- _Exercise brief_
Wherever the word "version" turns up in a line of the entries, copy that line.

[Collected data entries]
----

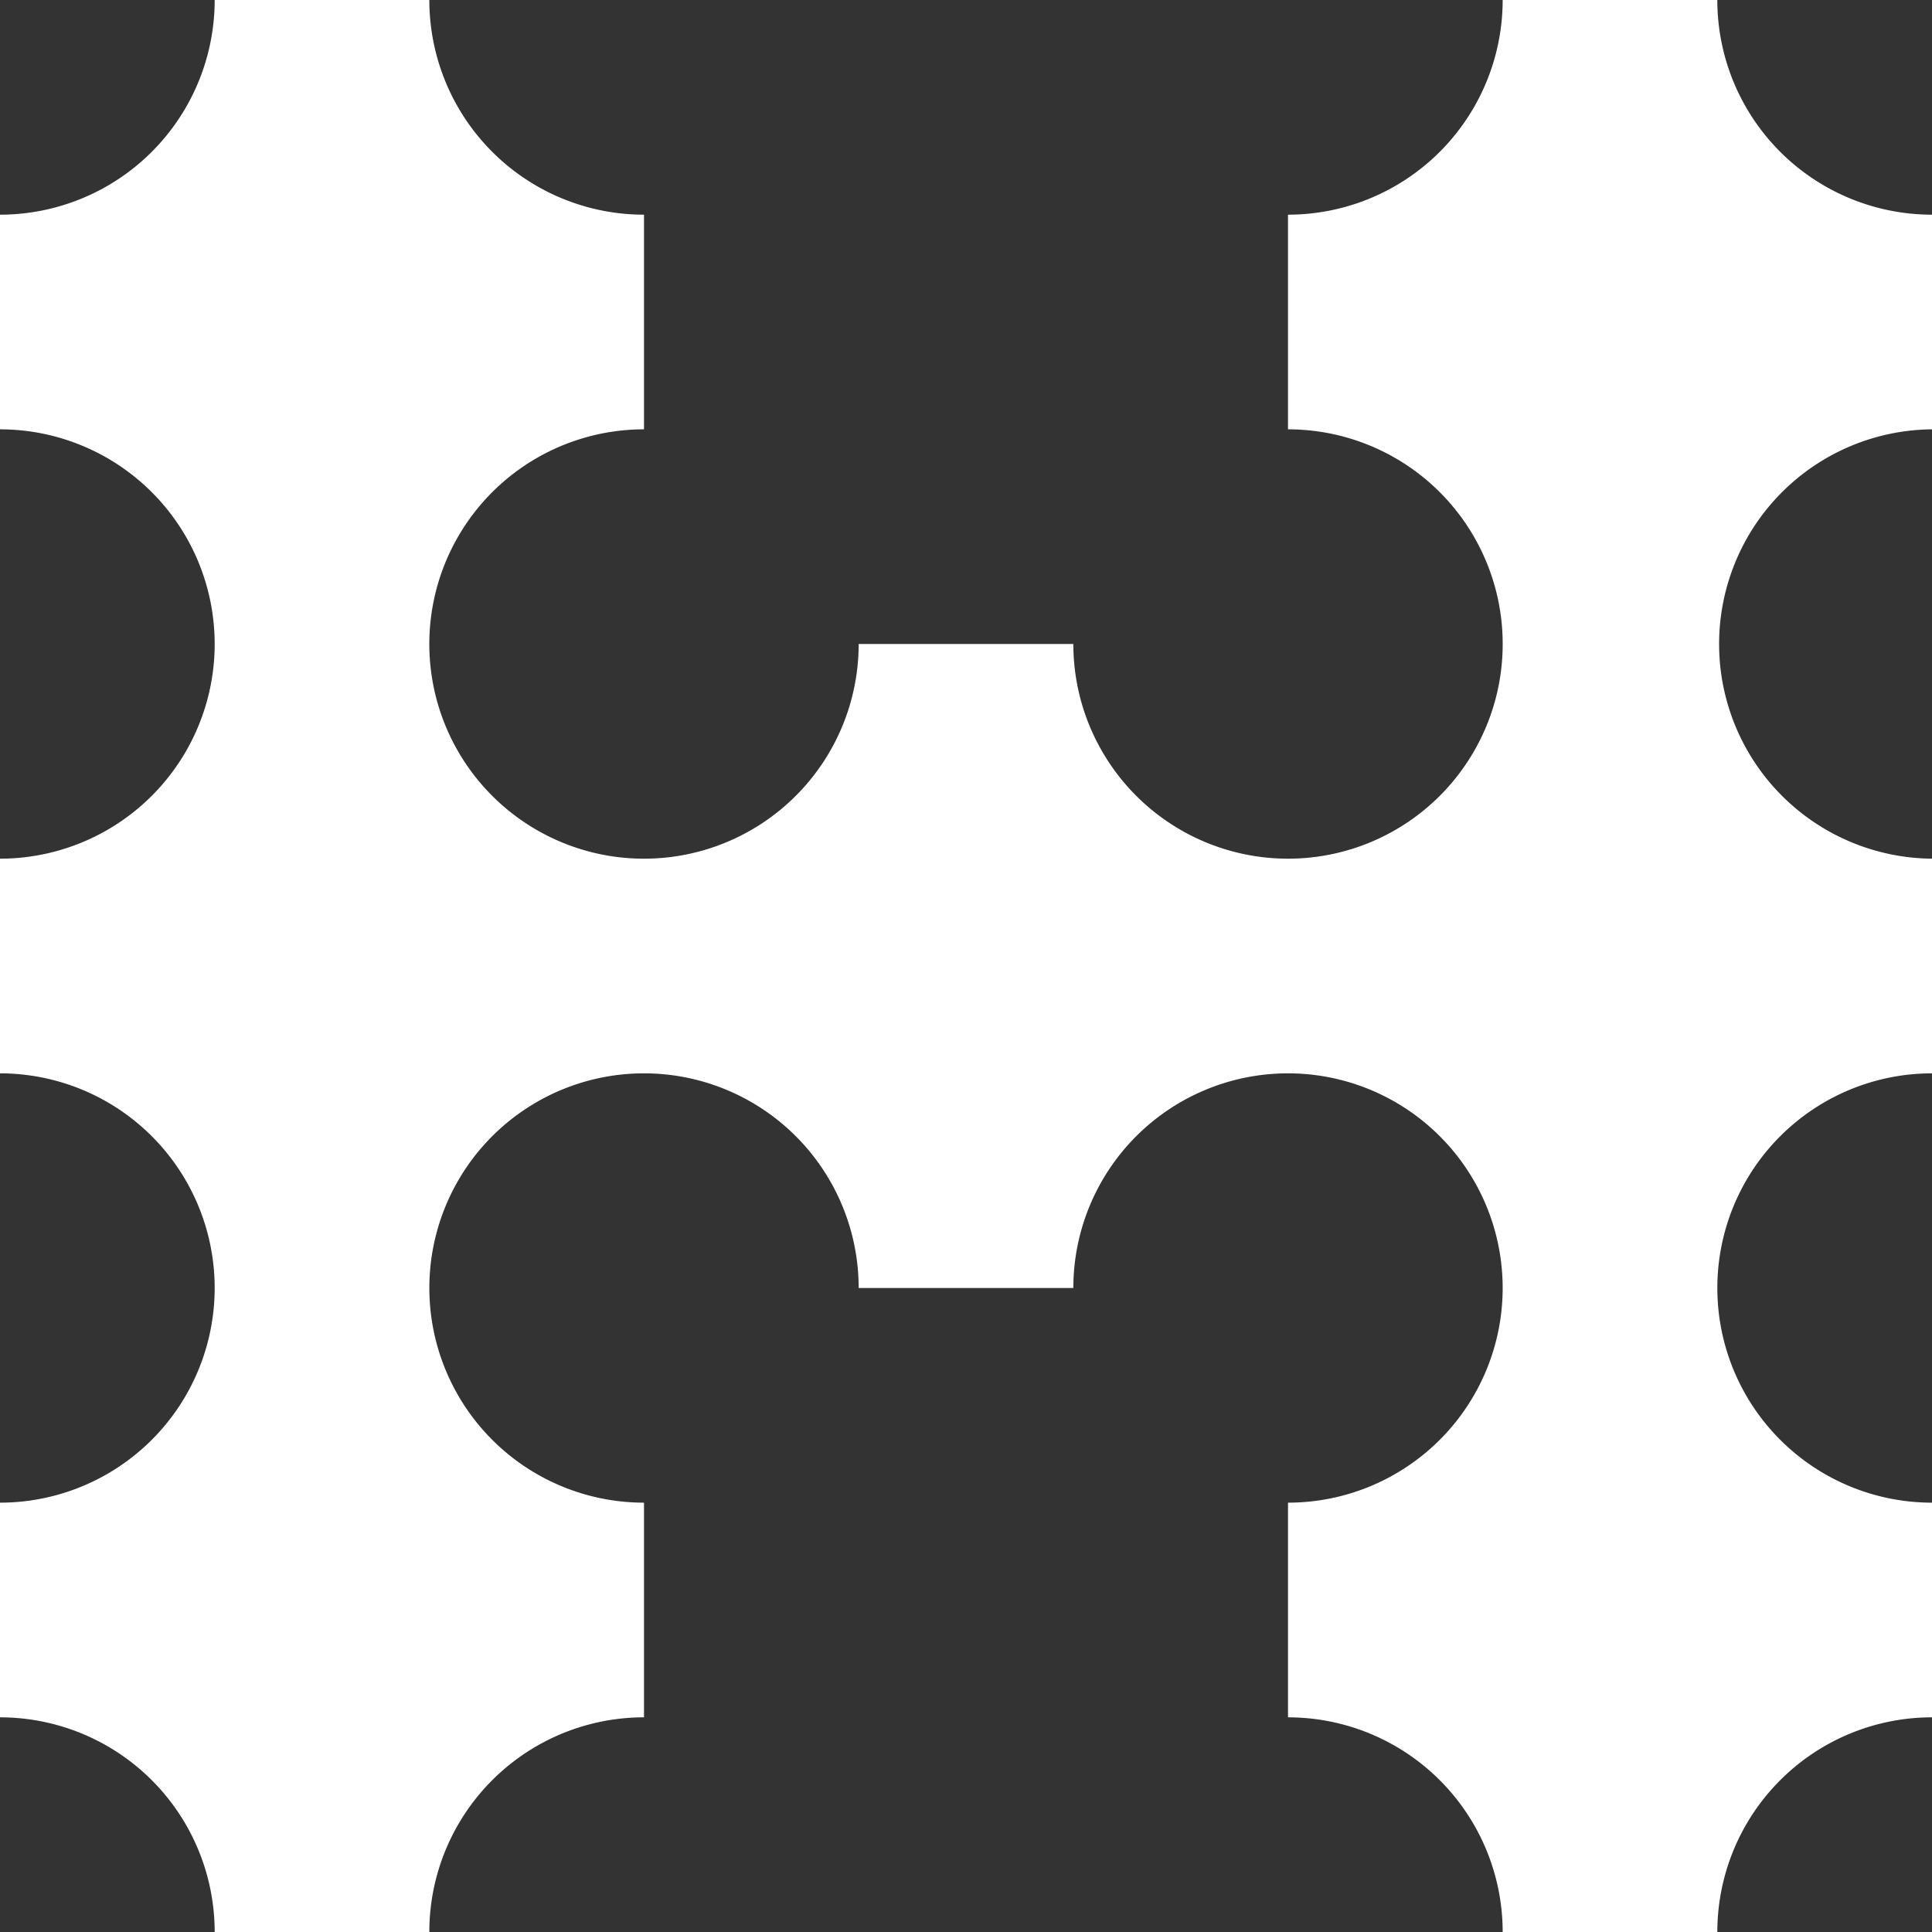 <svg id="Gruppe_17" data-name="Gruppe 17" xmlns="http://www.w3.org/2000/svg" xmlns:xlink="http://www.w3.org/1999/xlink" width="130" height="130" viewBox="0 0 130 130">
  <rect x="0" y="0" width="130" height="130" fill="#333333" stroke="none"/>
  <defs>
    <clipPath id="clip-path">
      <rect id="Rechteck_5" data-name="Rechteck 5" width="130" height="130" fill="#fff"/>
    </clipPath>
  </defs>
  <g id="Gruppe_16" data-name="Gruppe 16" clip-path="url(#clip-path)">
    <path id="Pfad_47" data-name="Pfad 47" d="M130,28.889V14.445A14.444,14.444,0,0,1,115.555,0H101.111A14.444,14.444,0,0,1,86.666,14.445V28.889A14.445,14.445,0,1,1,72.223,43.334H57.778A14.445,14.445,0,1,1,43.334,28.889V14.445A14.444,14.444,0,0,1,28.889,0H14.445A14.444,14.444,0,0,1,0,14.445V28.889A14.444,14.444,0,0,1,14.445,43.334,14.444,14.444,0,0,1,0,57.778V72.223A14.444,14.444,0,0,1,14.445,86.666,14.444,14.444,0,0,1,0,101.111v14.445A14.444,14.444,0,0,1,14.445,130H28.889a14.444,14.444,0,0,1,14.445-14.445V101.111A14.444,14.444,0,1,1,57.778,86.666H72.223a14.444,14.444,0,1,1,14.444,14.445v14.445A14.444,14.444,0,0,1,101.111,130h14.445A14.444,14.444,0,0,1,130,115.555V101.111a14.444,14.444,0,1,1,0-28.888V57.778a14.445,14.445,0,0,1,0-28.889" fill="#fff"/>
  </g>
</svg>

----

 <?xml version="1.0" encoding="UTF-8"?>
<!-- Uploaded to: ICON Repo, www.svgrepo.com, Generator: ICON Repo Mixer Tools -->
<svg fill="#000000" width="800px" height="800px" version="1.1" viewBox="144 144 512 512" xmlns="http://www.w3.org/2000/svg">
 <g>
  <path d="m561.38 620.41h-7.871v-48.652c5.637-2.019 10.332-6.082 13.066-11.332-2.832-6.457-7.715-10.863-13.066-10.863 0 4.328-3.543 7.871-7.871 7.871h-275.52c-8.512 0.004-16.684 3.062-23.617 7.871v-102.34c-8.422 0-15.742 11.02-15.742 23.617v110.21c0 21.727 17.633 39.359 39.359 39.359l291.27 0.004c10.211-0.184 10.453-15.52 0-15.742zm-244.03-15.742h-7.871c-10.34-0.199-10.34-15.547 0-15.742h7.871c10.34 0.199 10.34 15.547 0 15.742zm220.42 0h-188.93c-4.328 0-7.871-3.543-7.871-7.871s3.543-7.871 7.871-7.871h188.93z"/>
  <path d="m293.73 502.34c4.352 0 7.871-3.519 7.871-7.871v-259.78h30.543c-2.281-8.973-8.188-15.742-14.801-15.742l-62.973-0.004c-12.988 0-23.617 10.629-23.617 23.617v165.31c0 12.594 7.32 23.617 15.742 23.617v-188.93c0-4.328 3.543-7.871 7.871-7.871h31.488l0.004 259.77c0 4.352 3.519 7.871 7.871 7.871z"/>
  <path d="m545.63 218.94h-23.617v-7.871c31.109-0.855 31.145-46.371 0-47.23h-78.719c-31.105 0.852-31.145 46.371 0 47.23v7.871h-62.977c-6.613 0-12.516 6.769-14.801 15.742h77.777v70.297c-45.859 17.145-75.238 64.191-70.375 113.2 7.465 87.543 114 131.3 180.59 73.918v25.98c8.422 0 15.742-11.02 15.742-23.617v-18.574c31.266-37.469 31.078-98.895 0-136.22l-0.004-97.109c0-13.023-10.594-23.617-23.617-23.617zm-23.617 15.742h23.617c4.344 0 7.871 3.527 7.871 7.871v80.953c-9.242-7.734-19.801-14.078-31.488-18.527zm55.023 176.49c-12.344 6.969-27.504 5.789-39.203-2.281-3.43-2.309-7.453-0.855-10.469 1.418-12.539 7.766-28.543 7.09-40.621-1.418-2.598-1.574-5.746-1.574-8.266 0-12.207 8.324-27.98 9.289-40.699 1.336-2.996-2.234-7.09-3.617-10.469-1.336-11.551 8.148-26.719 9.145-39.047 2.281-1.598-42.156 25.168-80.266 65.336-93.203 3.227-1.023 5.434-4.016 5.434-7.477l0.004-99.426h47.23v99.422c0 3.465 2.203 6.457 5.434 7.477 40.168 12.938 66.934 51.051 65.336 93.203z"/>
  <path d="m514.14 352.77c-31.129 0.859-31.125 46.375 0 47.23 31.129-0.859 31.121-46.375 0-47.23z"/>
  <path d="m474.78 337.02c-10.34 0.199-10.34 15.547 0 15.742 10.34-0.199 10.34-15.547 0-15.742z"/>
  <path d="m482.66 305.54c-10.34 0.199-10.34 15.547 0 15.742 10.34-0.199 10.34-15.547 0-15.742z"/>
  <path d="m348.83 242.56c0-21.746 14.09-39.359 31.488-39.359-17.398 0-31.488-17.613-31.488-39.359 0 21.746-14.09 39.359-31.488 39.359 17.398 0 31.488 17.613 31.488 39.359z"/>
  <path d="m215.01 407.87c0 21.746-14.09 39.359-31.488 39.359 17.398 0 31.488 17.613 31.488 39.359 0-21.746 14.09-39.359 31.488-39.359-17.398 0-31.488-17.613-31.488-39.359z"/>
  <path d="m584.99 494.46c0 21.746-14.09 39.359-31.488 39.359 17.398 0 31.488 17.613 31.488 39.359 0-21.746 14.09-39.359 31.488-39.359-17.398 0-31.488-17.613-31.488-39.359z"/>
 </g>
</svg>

----

- _Final answer_
 <?xml version="1.0" encoding="UTF-8"?>
<svg fill="#000000" width="800px" height="800px" version="1.1" viewBox="144 144 512 512" xmlns="http://www.w3.org/2000/svg">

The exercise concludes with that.